Why media blacked out AIMPLB Conference

By Asim Jalal

Media is the fourth pillar of democracy. It is an inseparable part of a strong and influential society. It  acts as a link between the people and government and projects problems, difficulties and needs of the people before the government on the basis of which governments formulate their policies and political parties formulate their action plans.

An idea of the power and influence of the media can be had from these views of Africa-born American thinker and standard bearer of human rights (late) Al Haj Malik Al Shahbaz whom Americans know by the name of Malcolm ‘X’. ‘Media is the most powerful institution of this world. If it so wants, it can make an innocent person guilty and a guilty person innocent…. Because it controls people’s minds’. Indian Muslims themselves in particular and common people in general have well observed this power of the media. It has happened many times that after the arrest of Muslim youth on the pretext of being perpetrators of bomb blasts, youths whom media presented through their special reporting as dangerous terrorists and polluted the minds of people, even after their honourable release by courts were compelled to lead a life as that of a criminal or an accused. From this point of view, media’s responsibility in a democracy is very important and its impartiality guarantees the survival of democracy.

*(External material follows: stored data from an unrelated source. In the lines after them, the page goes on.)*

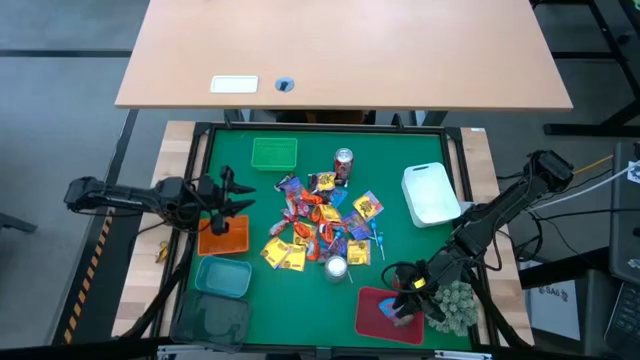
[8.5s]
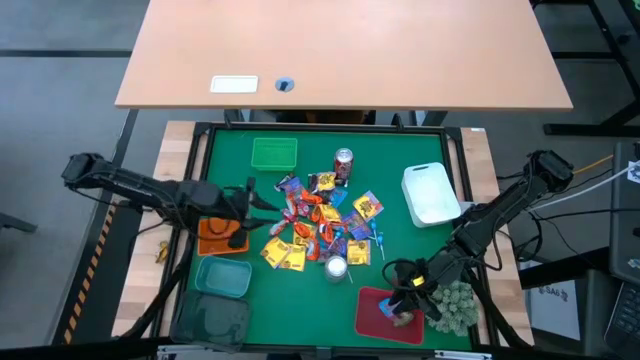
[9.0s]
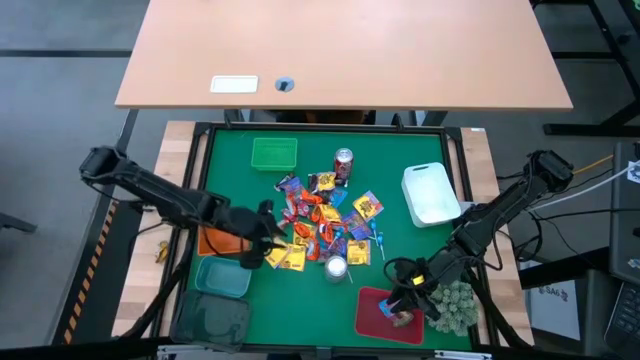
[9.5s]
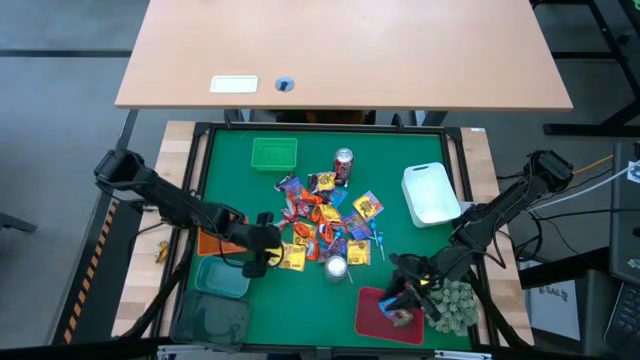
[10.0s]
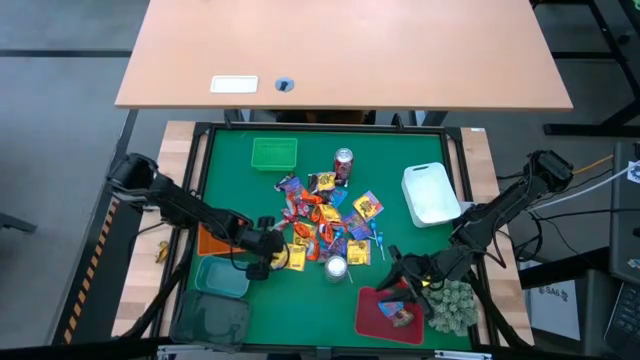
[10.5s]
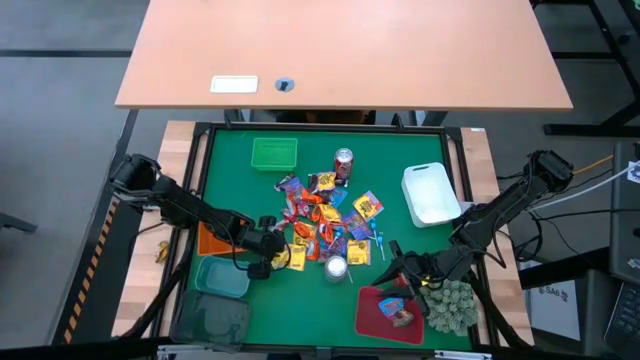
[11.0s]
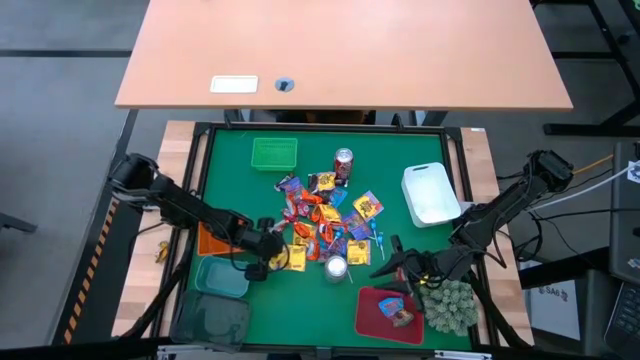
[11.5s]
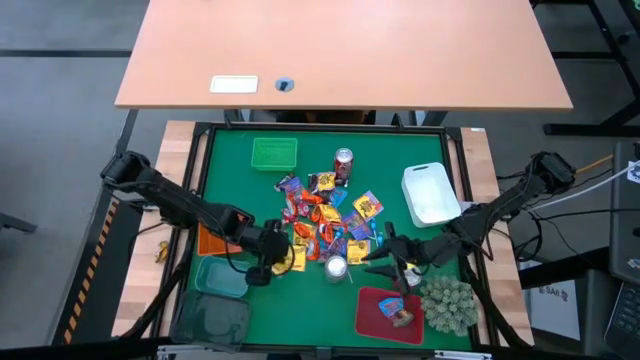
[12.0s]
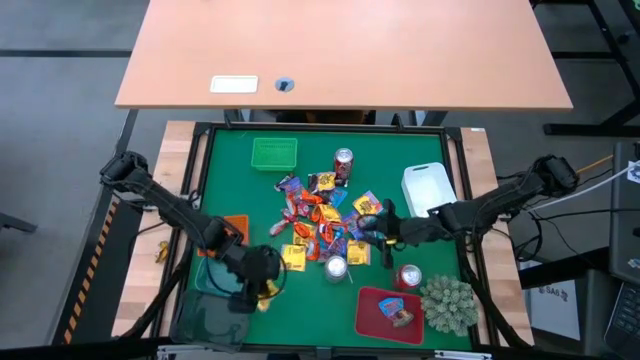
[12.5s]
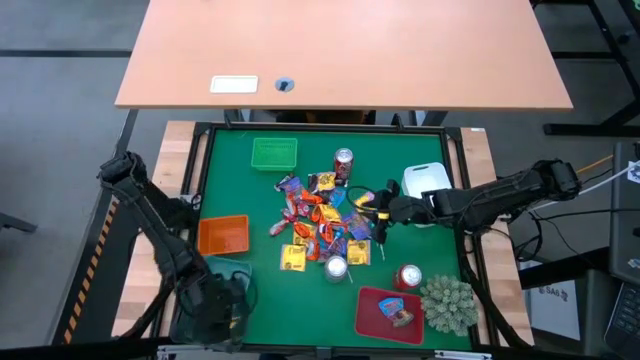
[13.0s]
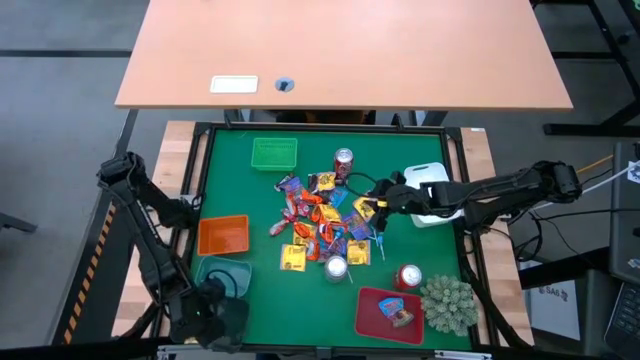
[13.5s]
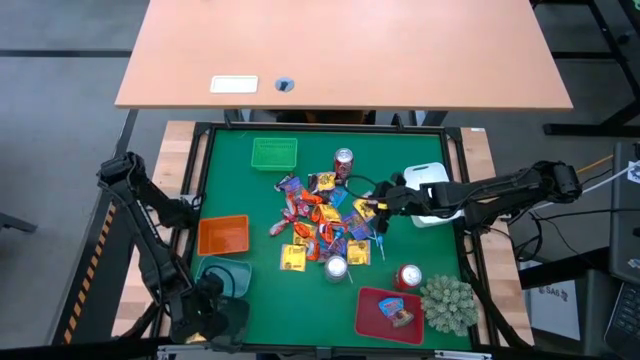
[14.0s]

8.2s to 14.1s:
Task: Sort candy
Put the yellow candy into the black bin

The question is: is Indian media fulfilling this responsibility honestly and impartially? If we see the reporting of All India Muslim Personal Law Board’s last day’s open session proceedings at the end of its 3-day conference on 22 April in Mumbai, the reply is in the negative. The media, which gives so much importance to homosexuals that if we talk about homosexuality, it is presented as a national problem though their total number in the country may not exceed a couple of thousands, but the same media completely ignores the grand conference of AIMPLB despite the fact that it was not a purely religious conference but pertained to constitutional rights of Indian Muslims and its objective was to protest against courts” interference in Muslim personal laws and to bring this to the notice of Parliament and those in power. But the way in which this was blacked out by the media creates the suspicion that the entire media is being controlled by a one particular power. Neither the electronic media nor the mainstream print media considered it worthy of public attention to report the Board’s 3-day meeting or at least the last day’s open session.

On Sunday, 24 April, when Muslims in their lakhs from all over Maharashtra converged at Azad Maidan to give the message to government that they want amendments in Right to Education Act, Direct Taxes Code Bill and Waqf Board so that their personal laws may not be affected, electronic media was presenting the expulsion of Mufti Shamoon Qasmi from Team Anna as if this is the only problem for Muslims or the people of India. Our electronic media feels no hesitation in devoting hours for a cricket match even before it started, and which misses no opportunity in projecting some controversial fatwa of some madrasa (some times some such fatwas are 100 percent appropriate but are beyond the comprehension of the reporters) and giving wide publicity to it simply to defame Muslims. This same media does not want to spare a few minutes to the very well-organised and peaceful open session of AIMPLB. The same media magnifies the petty and personal problem of Gudia as if it is a national problem and gives it full coverage for days on end but when the second largest majority of the country protests and speaks on some key problems in a highly organised manner, it totally blacks it out. Same is the attitude of newspapers.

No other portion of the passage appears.